Work item ▸
In the entries that follow, find the line containing "task: detect" and the line containing "Target strawberry stalks", then retype exactly the lines from the first through the second, pictures excluded.

Provided information ▸
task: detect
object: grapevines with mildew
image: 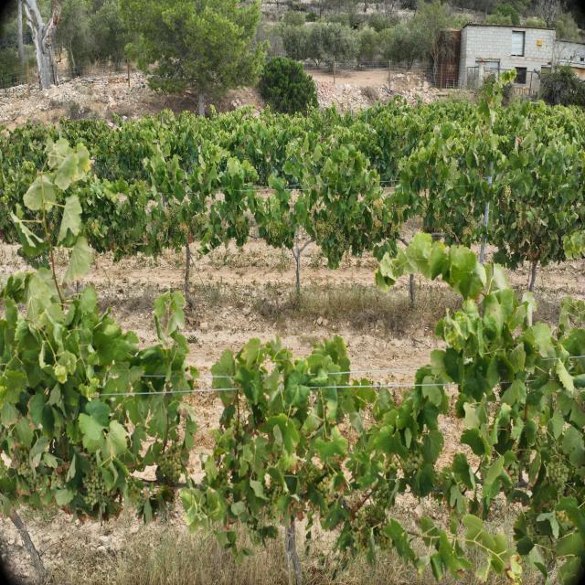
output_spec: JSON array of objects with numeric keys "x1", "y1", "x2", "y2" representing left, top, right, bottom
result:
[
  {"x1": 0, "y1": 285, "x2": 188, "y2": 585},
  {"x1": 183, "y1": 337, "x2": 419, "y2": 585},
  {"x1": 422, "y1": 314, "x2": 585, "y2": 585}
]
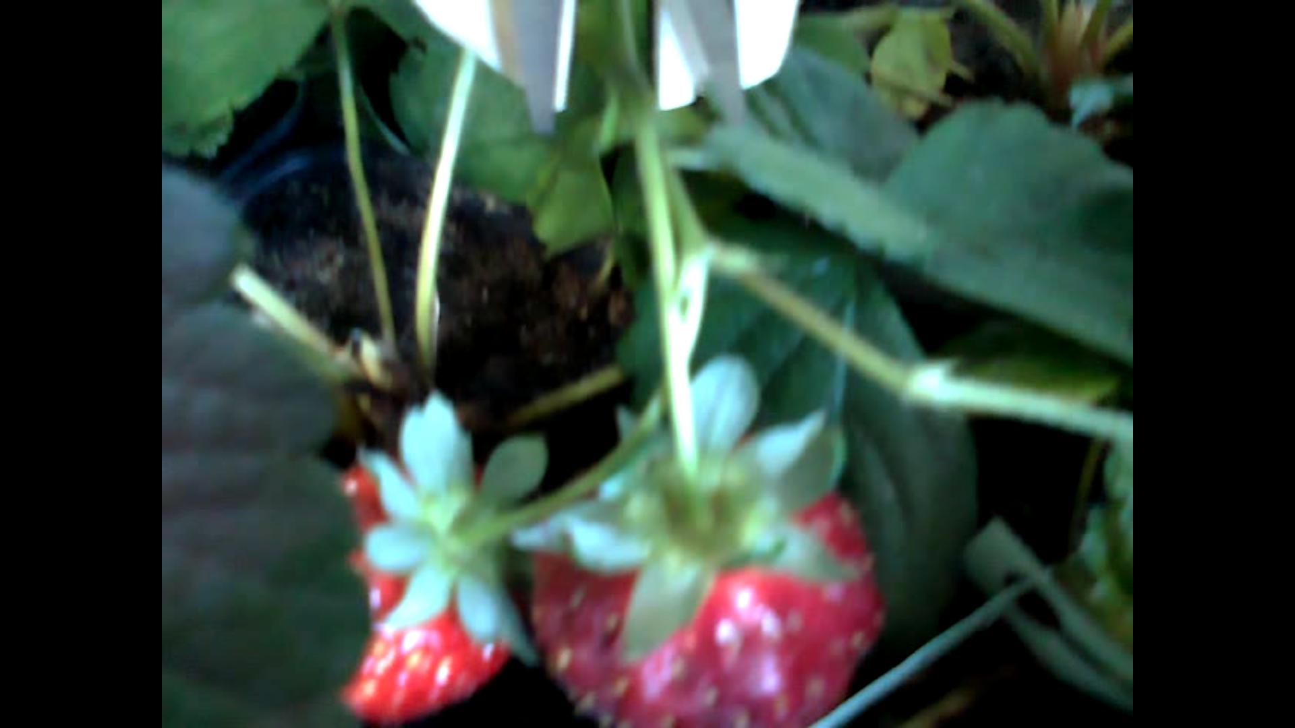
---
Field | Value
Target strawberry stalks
==
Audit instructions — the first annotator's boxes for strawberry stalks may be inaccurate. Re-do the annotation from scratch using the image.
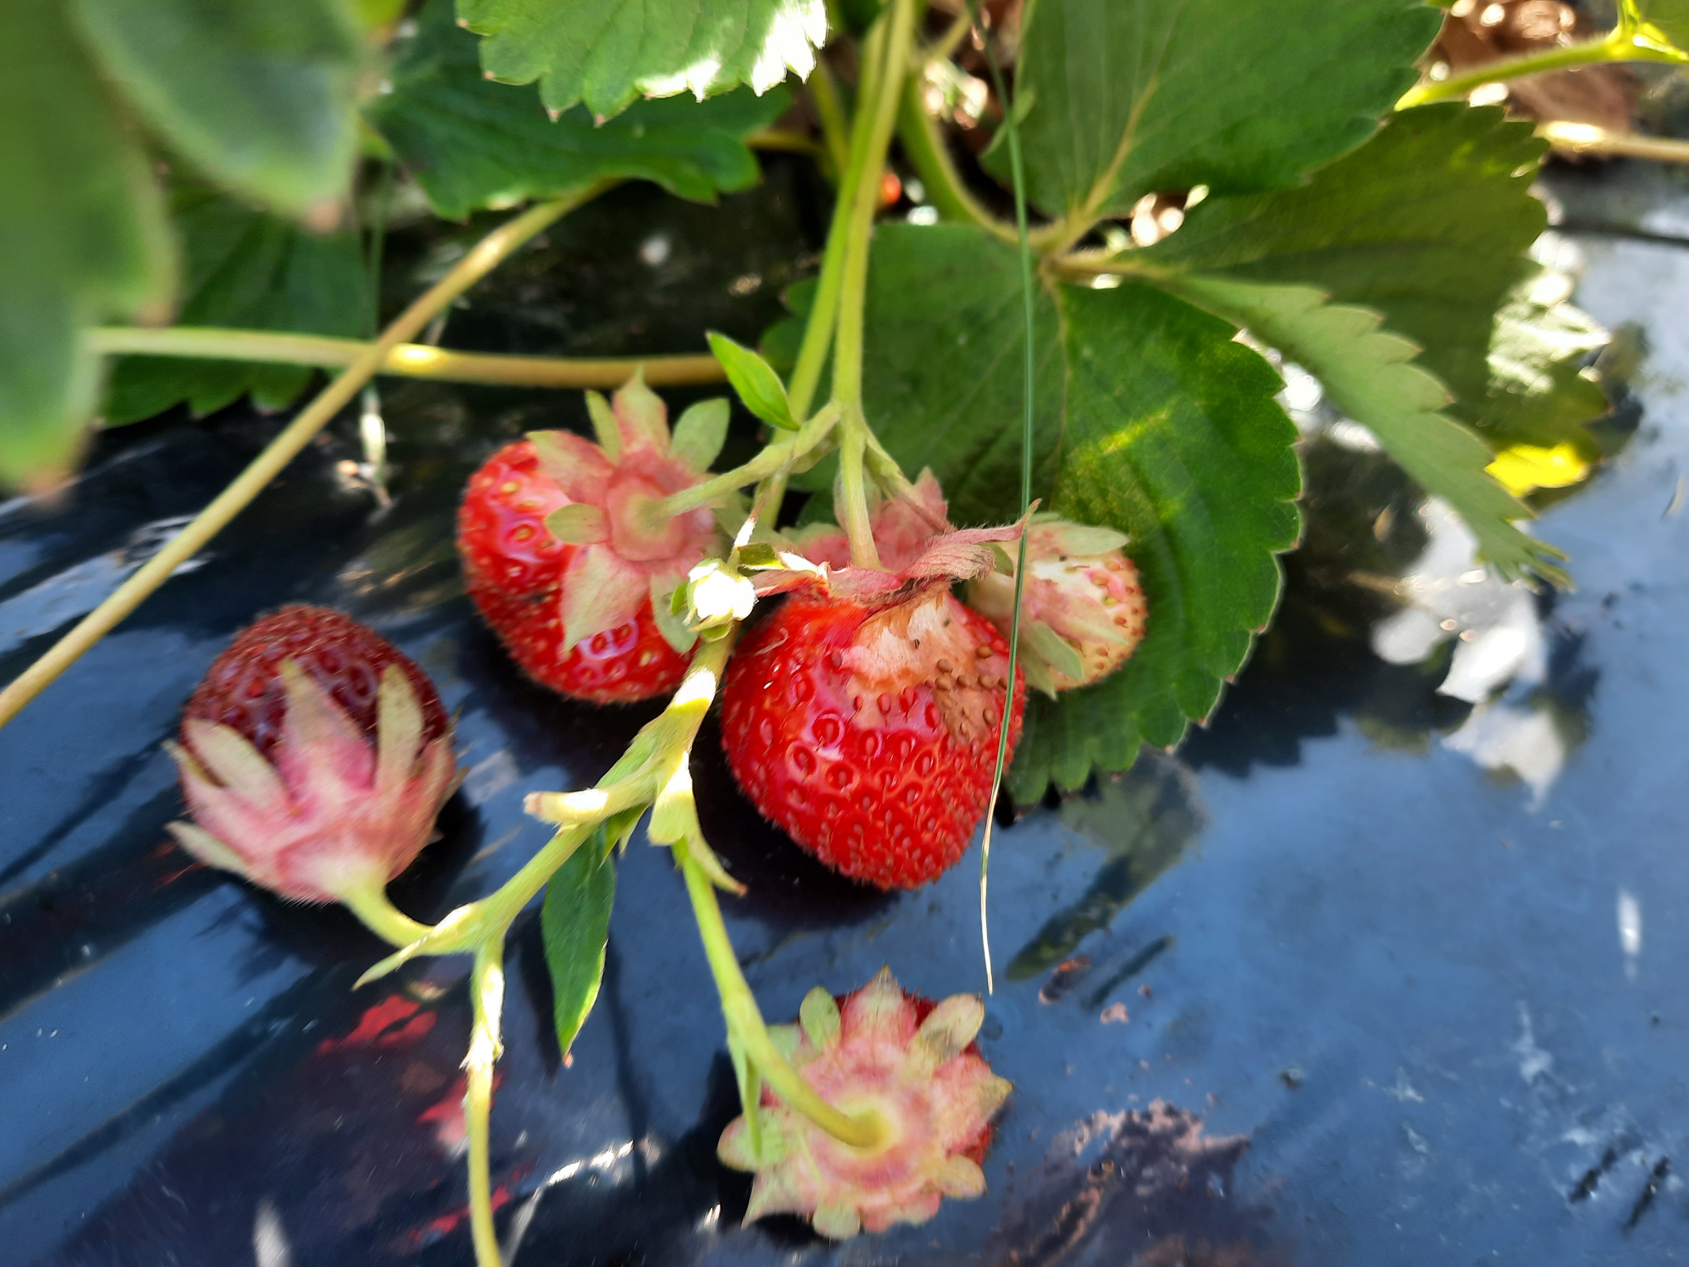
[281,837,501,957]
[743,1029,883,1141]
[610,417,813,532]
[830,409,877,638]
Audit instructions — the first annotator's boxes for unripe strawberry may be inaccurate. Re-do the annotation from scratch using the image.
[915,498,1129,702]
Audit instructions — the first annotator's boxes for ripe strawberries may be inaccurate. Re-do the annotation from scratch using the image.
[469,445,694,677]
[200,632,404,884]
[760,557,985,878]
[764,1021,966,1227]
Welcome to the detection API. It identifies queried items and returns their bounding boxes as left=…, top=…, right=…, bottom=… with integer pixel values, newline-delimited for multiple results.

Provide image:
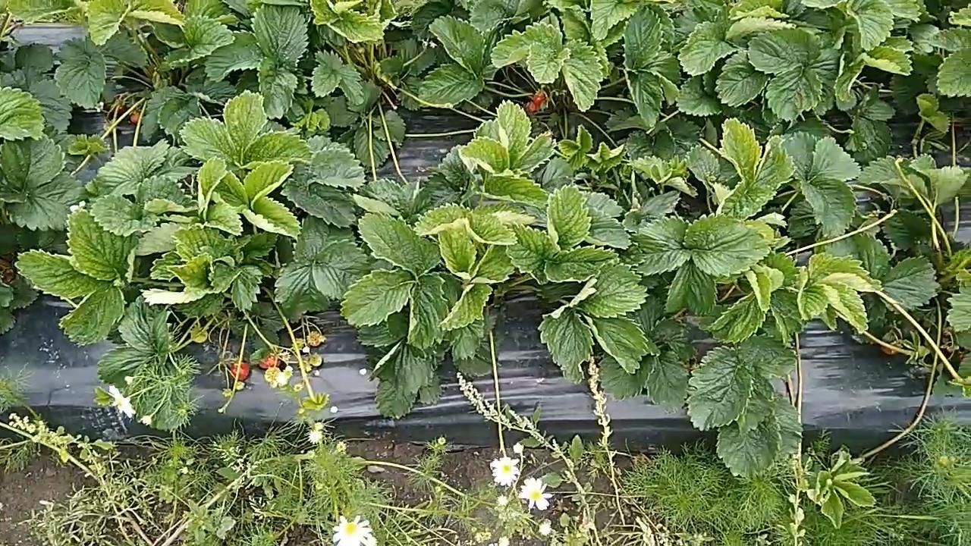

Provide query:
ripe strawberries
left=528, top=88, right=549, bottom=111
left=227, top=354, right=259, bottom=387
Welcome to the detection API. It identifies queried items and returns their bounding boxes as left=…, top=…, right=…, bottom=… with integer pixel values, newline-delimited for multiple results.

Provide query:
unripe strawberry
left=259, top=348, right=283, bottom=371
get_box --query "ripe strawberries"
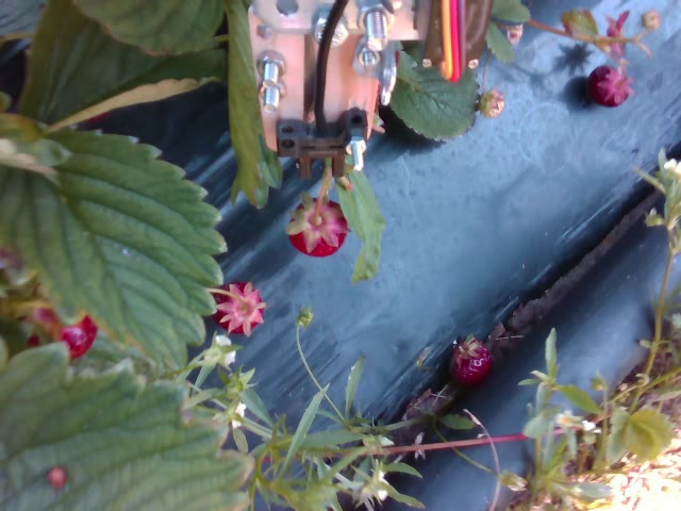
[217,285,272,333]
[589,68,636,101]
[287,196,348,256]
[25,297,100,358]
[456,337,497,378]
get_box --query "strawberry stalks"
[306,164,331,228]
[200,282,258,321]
==
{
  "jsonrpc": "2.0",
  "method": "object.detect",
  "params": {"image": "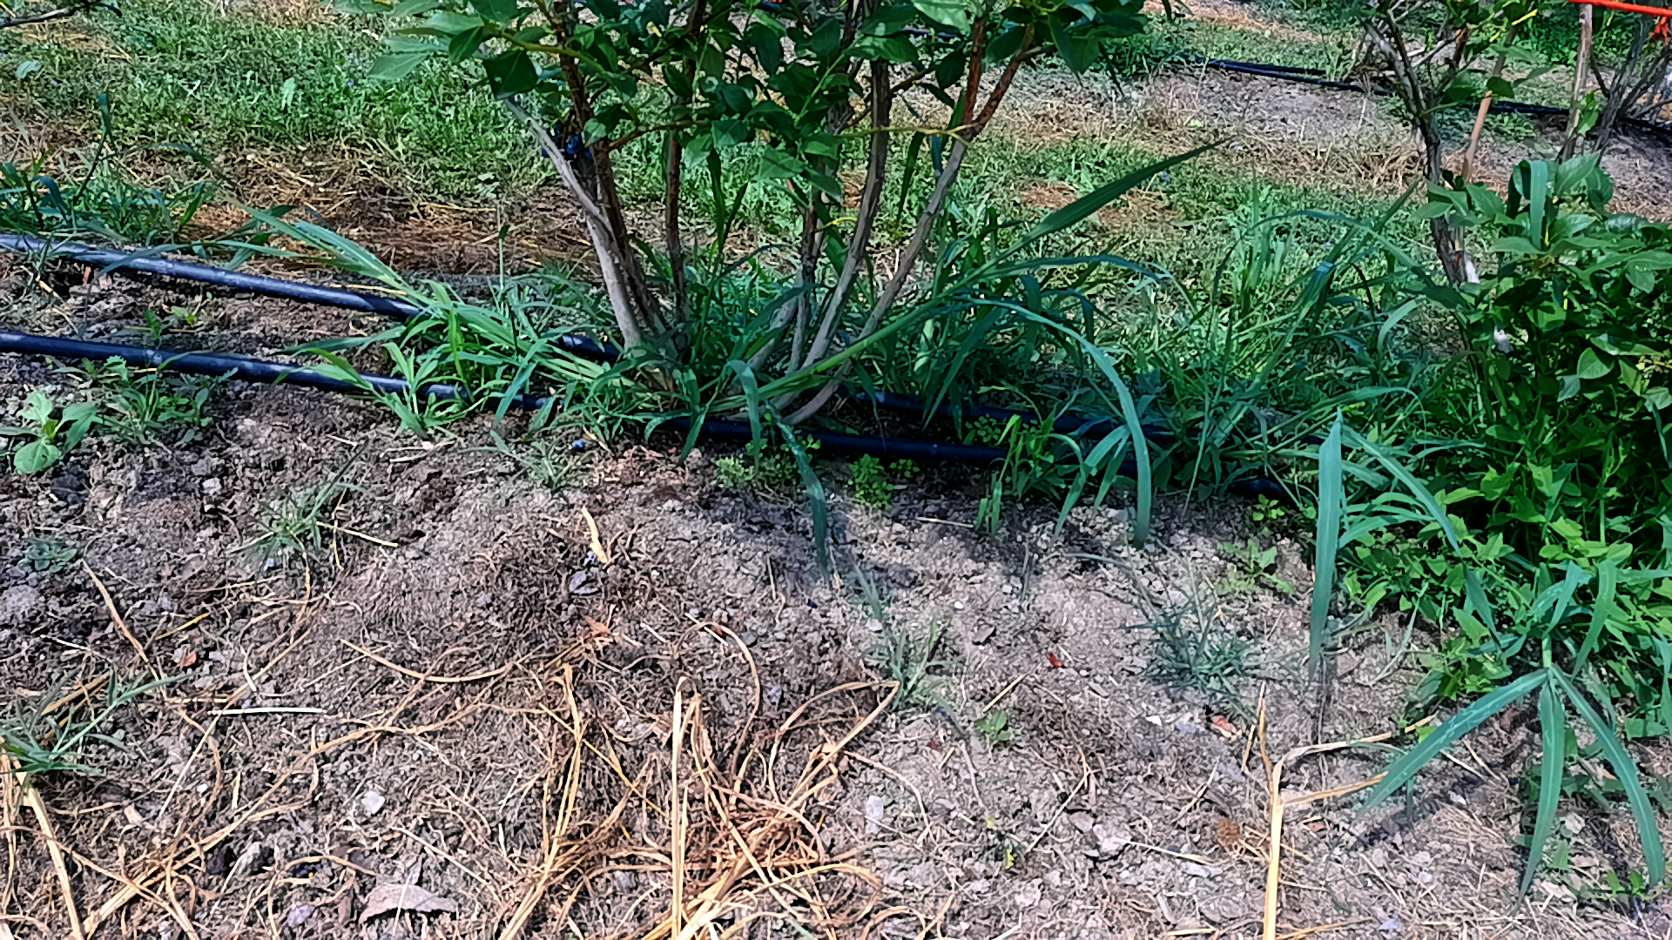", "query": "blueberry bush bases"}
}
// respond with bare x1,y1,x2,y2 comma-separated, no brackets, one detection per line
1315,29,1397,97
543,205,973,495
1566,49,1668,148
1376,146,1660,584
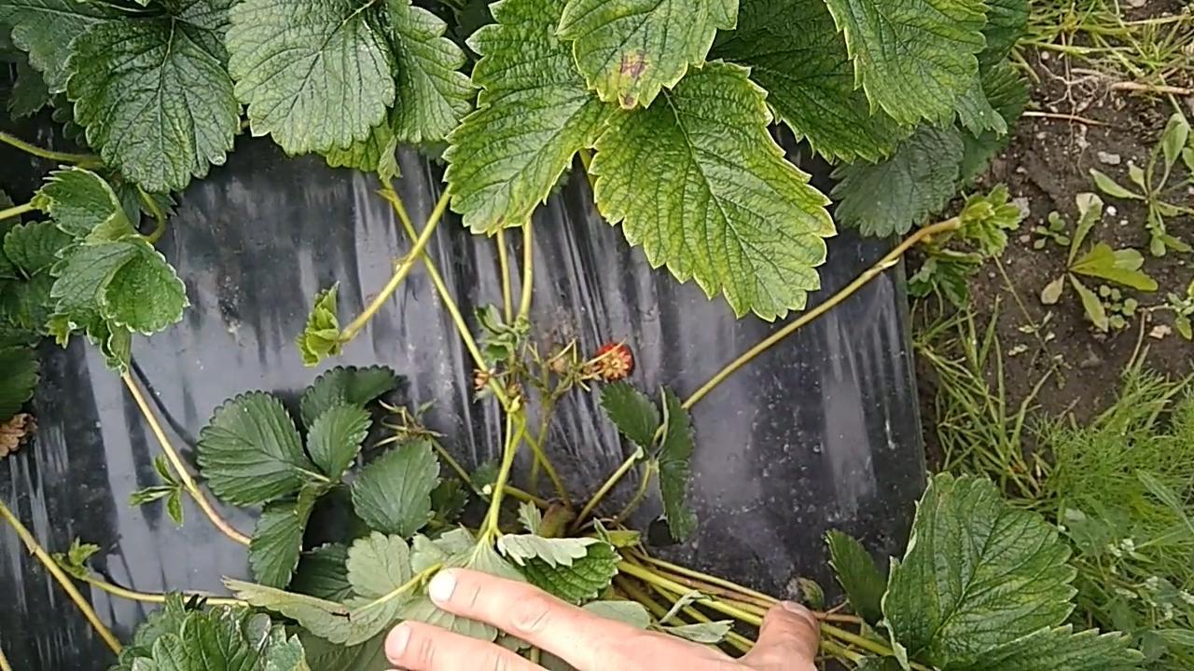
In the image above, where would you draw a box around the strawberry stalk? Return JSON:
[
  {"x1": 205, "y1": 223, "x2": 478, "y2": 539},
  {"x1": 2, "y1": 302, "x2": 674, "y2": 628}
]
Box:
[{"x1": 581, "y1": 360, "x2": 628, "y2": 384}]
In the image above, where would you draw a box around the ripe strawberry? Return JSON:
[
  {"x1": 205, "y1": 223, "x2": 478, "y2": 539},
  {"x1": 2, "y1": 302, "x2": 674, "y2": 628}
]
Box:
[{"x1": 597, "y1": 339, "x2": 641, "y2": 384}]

Task answer ▸
task: detect
object: grapevines with mildew
image: 
output_spec: JSON array of objects with numeric keys "x1", "y1", "x2", "y2" representing left, top, right, bottom
result:
[
  {"x1": 0, "y1": 285, "x2": 188, "y2": 585},
  {"x1": 183, "y1": 337, "x2": 419, "y2": 585},
  {"x1": 422, "y1": 314, "x2": 585, "y2": 585}
]
---
Field | Value
Target strawberry stalks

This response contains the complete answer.